Mis nervios estaban al límite, no tenía idea de cómo seguir parada allí aparentando tranquilidad sin que se dieran cuenta de que era una farsa. Tres pares de ojos me observaban con curiosidad y el silencio reinaba en el ambiente, nadie se atrevía a decir nada. Mi subconsciente me repetía una y otra vez que mantuviera la calma y que esbozara una sonrisa, pero estaba tan nerviosa que no podía, temía que si lo intentaba esta resultara fingida y asustadiza. Finalmente, mi marido fue el encargado de romper el silencio.

—Familia, les presento a mi esposa, Anastasia Grey. Ana, esta es mi familia: mi Madre, la Doctora Grace Trevelyan-Grey…

La Doctora Trevelyan-Grey se acercó a mí con una dulce sonrisa y me besó en ambas mejillas, era una mujer hermosa, su cabello rubio estaba perfectamente peinado y sus ojos castaños reflejan dulzura, llevaba un vestido marrón, unos zapatos altos y era dueña de una elegancia envidiable.

—Es un placer conocerte por fin, Anastasia.

—El placer es mío, Doctora Trevelyan-Grey. Por favor, llámeme Ana.

—Soy tu suegra, tutéame por favor. —Yo asentí con una pequeña sonrisa, que ella me devolvió sinceramente. Había empezado bien.

—Carrick Grey, mi padre –continuó Christian con voz suave.

El hombre rubio que se encontraba al lado de Grace me tendió su mano con gesto sencillo y sus ojos azules se llenaron de arrugas al sonreír cariñosamente, aunque eso no le quitó lo atractivo.

—Me alegra conocerte, Ana.

—Igual a mí, Señor Grey —Le correspondí la sonrisa mientras le estrechaba la mano.

Un chillido de emoción se escuchó de repente, sobresaltándome. La joven de corto cabello negro me observaba emocionada, miré nerviosa a Christian, él puso los ojos en blanco y suspiró.

—Esta es Mía, mi hermana pequeña…

Mi marido trató de sonar cansado e irritado al referirse a la chica, pero su actitud no logró aminorar el brillo en sus ojos, era obvio que la adoraba. Mía salió de atrás de sus padres y con entusiasmo me envolvió en un fuerte abrazo.

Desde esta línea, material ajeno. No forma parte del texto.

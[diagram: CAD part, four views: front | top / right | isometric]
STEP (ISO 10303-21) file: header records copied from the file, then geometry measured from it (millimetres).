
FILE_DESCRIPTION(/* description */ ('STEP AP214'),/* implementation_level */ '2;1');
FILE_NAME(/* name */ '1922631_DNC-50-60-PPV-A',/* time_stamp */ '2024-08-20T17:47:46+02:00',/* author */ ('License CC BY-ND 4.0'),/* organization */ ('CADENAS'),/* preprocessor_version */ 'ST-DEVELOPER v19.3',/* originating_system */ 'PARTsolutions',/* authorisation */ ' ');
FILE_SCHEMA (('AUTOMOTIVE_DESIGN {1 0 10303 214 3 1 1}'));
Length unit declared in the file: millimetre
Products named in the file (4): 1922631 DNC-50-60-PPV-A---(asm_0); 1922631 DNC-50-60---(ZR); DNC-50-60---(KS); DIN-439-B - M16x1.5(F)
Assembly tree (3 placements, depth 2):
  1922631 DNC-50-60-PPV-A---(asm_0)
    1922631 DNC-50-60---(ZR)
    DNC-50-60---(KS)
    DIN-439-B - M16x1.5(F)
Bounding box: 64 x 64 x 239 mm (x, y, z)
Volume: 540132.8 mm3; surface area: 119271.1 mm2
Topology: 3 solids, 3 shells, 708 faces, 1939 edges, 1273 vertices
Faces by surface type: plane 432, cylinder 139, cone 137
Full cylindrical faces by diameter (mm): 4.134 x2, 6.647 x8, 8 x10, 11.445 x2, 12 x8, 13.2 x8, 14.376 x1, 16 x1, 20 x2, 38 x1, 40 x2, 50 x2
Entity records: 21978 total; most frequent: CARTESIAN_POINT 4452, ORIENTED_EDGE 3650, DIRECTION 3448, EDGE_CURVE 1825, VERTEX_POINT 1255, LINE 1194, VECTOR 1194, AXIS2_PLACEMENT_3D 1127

—No sabes cuánto me alegra conocerte.

—Gracias, también a mí.

Mía era de mi edad, tal como me había dicho Christian, pero era muy diferente a mí, probablemente en más aspectos de los que yo imaginaba. El vestido rosa pálido se pegaba a sus curvas completamente y ella lo lucía con elegancia y sofisticación. Era obvio que nunca había trabajado ni visto lo duro de la vida y me alegraba por eso, aunque no pude evitar sentir un poco de envida por ella. Sus ojos oscuros brillaban con emoción y entusiasmo típico de una adolescente normal, características que yo nunca pude ni podría experimentar. Me había tocado madurar demasiado rápido al ritmo de una vida arruinada.

—Mi hermano nunca se había tomado enserio a una mujer, ¡no tienes idea la sorpresa que nos dio cuando nos enteramos de que estaba casado!

—Creo que Mía aún no supera que su hermano favorito no se lo haya comentado… —comentó Elliot, quien había estado al margen de las presentaciones de su familia. Mía hizo una mueca de disgusto validando sus palabras, era muy infantil.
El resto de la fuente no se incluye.